Thursday, September 24, 2009

DROPOUTS COSTING CALIFORNIA $1.1 BILLION ANNUALLY IN JUVENILE CRIME COSTS: Study finds that cutting the dropout rate in half would save $550 million and prevent 30,000 juvenile crimes a year. Law enforcement urges more dropout-prevention programs.


4LAKids will post a link to the report when it becomes available.  REPORT: High School Dropouts and the Economic Losses from Juvenile Crime in California

By Seema Mehta | LA Times

September 24, 2009 -- High school dropouts, who are more likely to commit crimes than their peers with diplomas, cost the state $1.1 billion annually in law enforcement and victim costs while still minors, according to a study being released today.

The California Dropout Research Project at UC Santa Barbara found that cutting the dropout rate in half would prevent 30,000 juvenile crimes and save $550 million every year.

"This study demonstrates the immediate impact dropouts have on both public safety and the economy," said project Director Russell W. Rumberger. "If California could reduce the dropout rate, it could subsequently reduce the juvenile crime rate and its staggering impact on the state budget."

Drop-out statistics are notoriously difficult to pinpoint, but according to the state Department of Education, nearly 19% of students don't graduate from high school. In Los Angeles County, the figure is more than one in five, and at some L.A. schools, fewer than half of students graduate within four years.

The California Dropout Research Project previously studied the economic effect of not finishing high school and found that for each group of 20-year-olds who fail to complete high school (roughly 120,000 per year), the economic loss is $46.4 billion.

Lawmakers asked the group to study the immediate costs of dropping out, so they focused on juvenile crime.

Law enforcement applauded the research and urged more intervention programs to target students at risk of dropping out.

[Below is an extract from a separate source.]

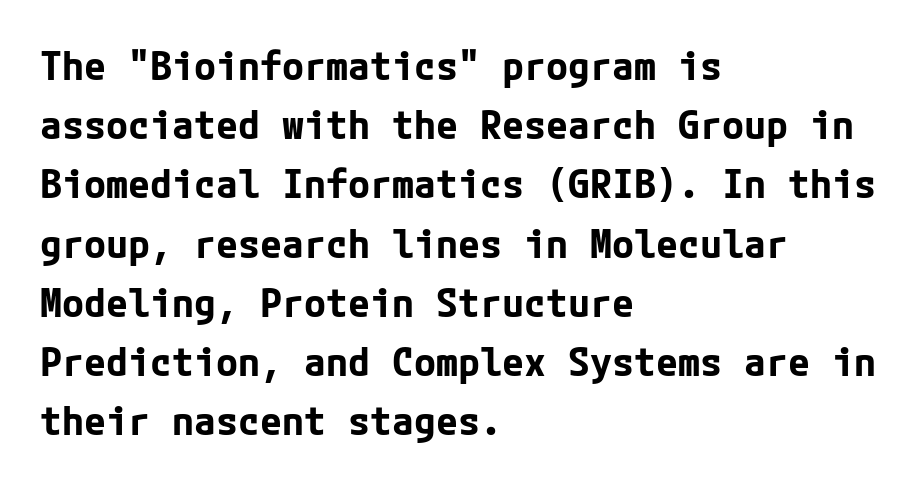
{"serif": "no", "italic": "no", "bold": "yes", "weight": "bold", "width": "normal", "stroke_contrast": "low", "x_height": "medium", "underline": "no", "align": "left", "line_spacing": "normal", "line_spacing_ratio": 1.48, "letter_spacing": "normal", "letter_spacing_em": 0.0, "glyph_px": 40}

"The connection between dropping out of school and juvenile crime is very clear," said Fresno Police Chief Jerry Dyer. "The simple fact is if kids aren't in school, they're much more likely to be on the streets causing trouble, engaging in criminal activities such as burglary, thefts, graffiti and arsons."

Dyer and others urged the governor to sign legislation, SB 651, which would require the state Department of Education to produce an annual report that accurately depicts the number of students not finishing school. The report would also identify early signs that a student might be on the path to dropping out, such as truancy. Such indicators would allow schools to target at-risk students.

"Dropout prevention is crime prevention," said Los Angeles County Sheriff Lee Baca, chairman of the board of the nonprofit Fight Crime: Invest in Kids, a bipartisan effort by law enforcement officials and crime victims. "Schools need better tools for identifying potential dropouts so they can target interventions at the kids who need them most."

Rumberger said the savings from reduced crime could be used to fund drop-out prevention efforts.

"Interventions pay for themselves," he said, noting that the state will see $2 in savings for every $1 invested.

REPORT: High School Drop Outs Robbing California Blind


Posted: Thursday, 24 September 2009 7:17AM-- A new report says high-school dropouts are costing the state over a billion dollars a year-- because they commit so many crimes. The report from UC-Santa Barbara says that if California were to cut the dropout rate in half, it would save 550-million dollars and prevent over 30,000 crimes a year.

LAUSD Superintendent Ray Cortines thinks the study may have a point, but also unfairly characterizes those who drop out because they have to get a job to help support their family.